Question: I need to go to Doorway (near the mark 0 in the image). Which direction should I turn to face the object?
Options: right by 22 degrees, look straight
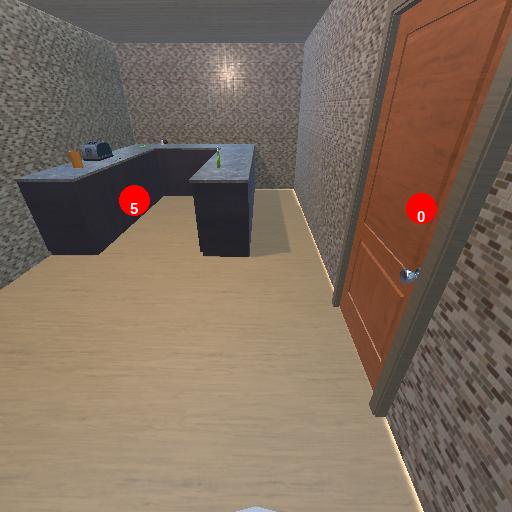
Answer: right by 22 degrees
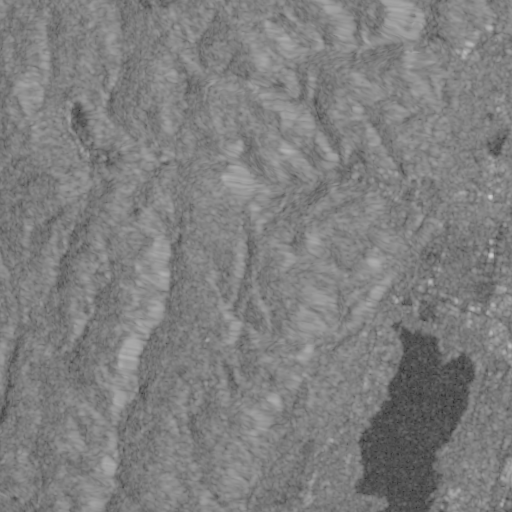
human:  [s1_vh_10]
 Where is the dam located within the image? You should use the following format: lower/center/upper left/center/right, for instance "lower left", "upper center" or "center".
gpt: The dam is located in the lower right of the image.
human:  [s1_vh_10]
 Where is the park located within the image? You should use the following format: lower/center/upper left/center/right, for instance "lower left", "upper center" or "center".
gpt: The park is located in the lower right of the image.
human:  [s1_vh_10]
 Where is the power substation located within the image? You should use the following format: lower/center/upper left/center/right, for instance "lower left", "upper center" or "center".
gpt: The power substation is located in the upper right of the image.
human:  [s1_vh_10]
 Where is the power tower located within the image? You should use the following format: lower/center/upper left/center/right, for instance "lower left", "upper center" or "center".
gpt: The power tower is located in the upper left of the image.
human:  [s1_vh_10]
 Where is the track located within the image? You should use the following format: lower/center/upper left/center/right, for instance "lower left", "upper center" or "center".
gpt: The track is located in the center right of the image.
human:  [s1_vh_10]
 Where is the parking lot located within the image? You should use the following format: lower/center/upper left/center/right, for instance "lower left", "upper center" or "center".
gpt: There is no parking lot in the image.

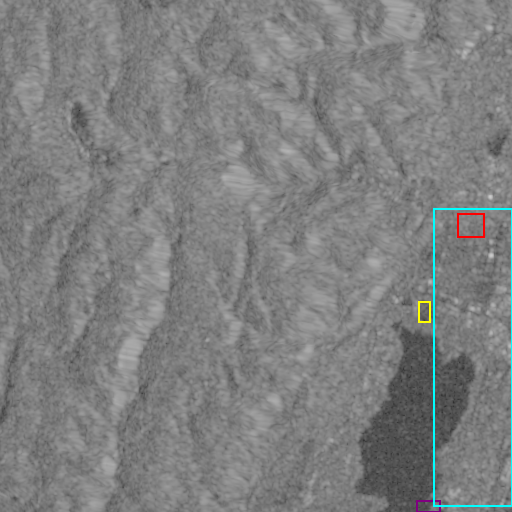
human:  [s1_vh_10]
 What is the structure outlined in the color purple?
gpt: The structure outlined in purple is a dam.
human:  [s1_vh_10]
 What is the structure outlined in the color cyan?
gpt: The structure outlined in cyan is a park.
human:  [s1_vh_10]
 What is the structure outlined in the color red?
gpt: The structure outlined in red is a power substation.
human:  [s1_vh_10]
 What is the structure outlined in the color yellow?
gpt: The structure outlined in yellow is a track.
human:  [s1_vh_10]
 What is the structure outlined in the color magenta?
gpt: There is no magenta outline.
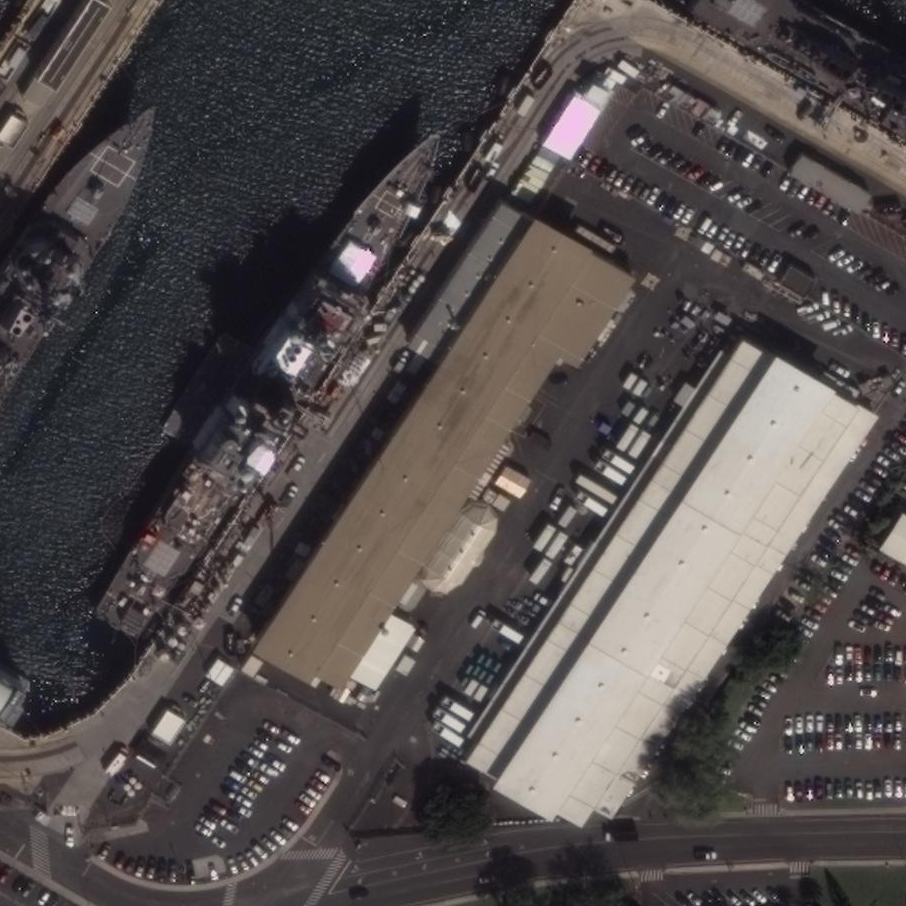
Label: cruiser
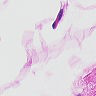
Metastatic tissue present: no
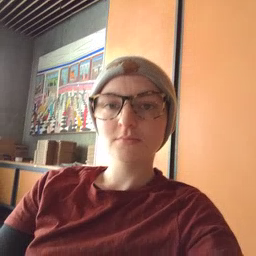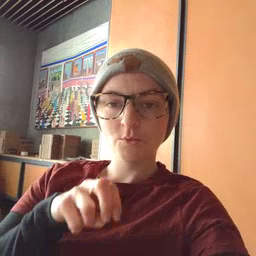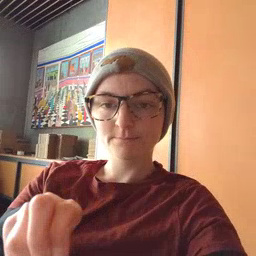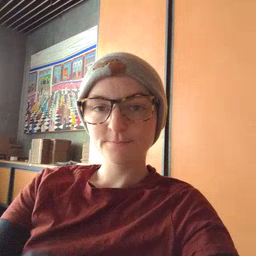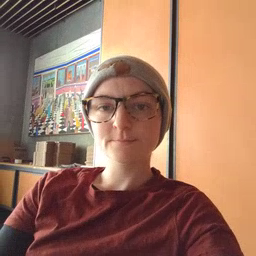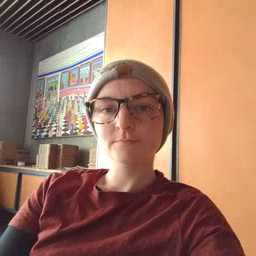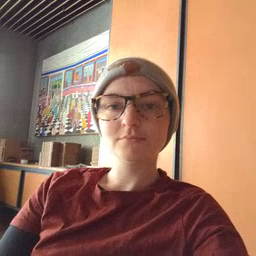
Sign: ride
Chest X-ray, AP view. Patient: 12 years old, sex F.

...

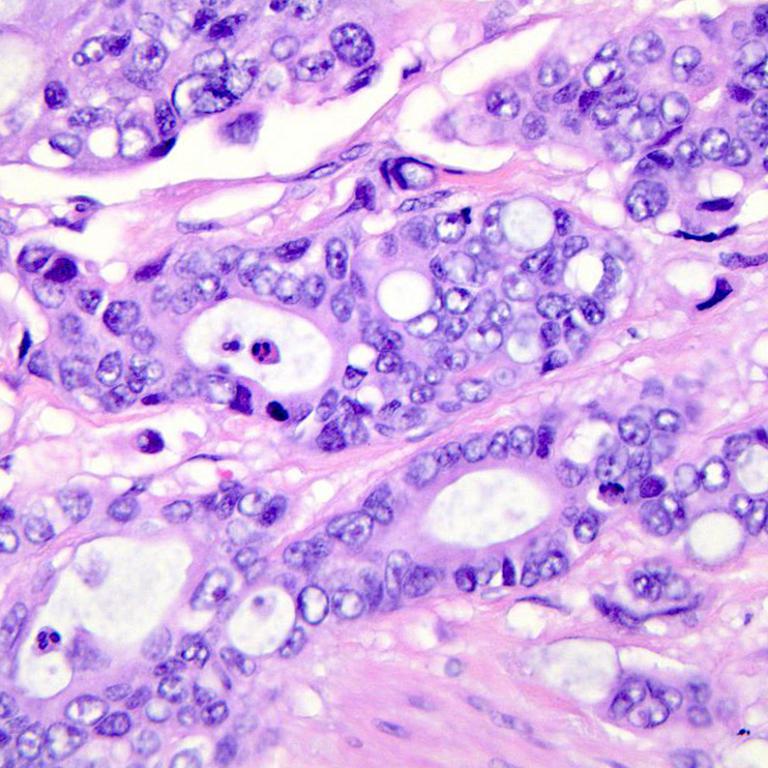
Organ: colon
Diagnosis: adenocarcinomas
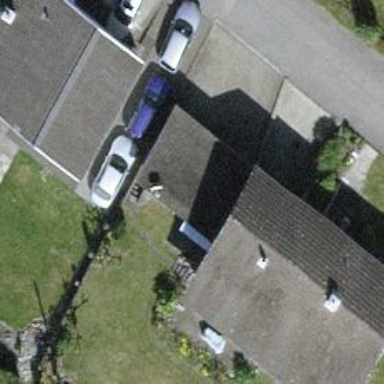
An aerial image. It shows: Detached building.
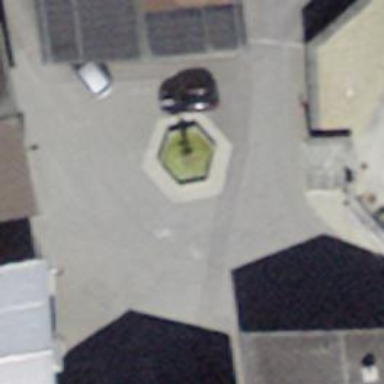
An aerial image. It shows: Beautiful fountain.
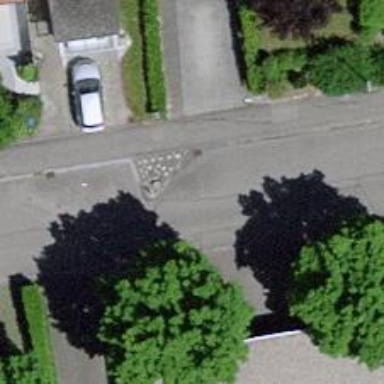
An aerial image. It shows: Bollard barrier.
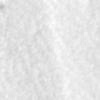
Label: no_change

### Task to carry out
Your reply should hold nothing but the lines above, from the one containing "Where is the power substation" to the one containing "What is the structure outlined in the color red?", reproduced exactly minus the pictures.

### Solution
 Where is the power substation located within the image? You should use the following format: lower/center/upper left/center/right, for instance "lower left", "upper center" or "center".
gpt: The power substation is located in the upper right of the image.
human:  [s1_vh_10]
 Where is the power tower located within the image? You should use the following format: lower/center/upper left/center/right, for instance "lower left", "upper center" or "center".
gpt: The power tower is located in the upper left of the image.
human:  [s1_vh_10]
 Where is the track located within the image? You should use the following format: lower/center/upper left/center/right, for instance "lower left", "upper center" or "center".
gpt: The track is located in the center right of the image.
human:  [s1_vh_10]
 Where is the parking lot located within the image? You should use the following format: lower/center/upper left/center/right, for instance "lower left", "upper center" or "center".
gpt: There is no parking lot in the image.

human:  [s1_vh_10]
 What is the structure outlined in the color purple?
gpt: The structure outlined in purple is a dam.
human:  [s1_vh_10]
 What is the structure outlined in the color cyan?
gpt: The structure outlined in cyan is a park.
human:  [s1_vh_10]
 What is the structure outlined in the color red?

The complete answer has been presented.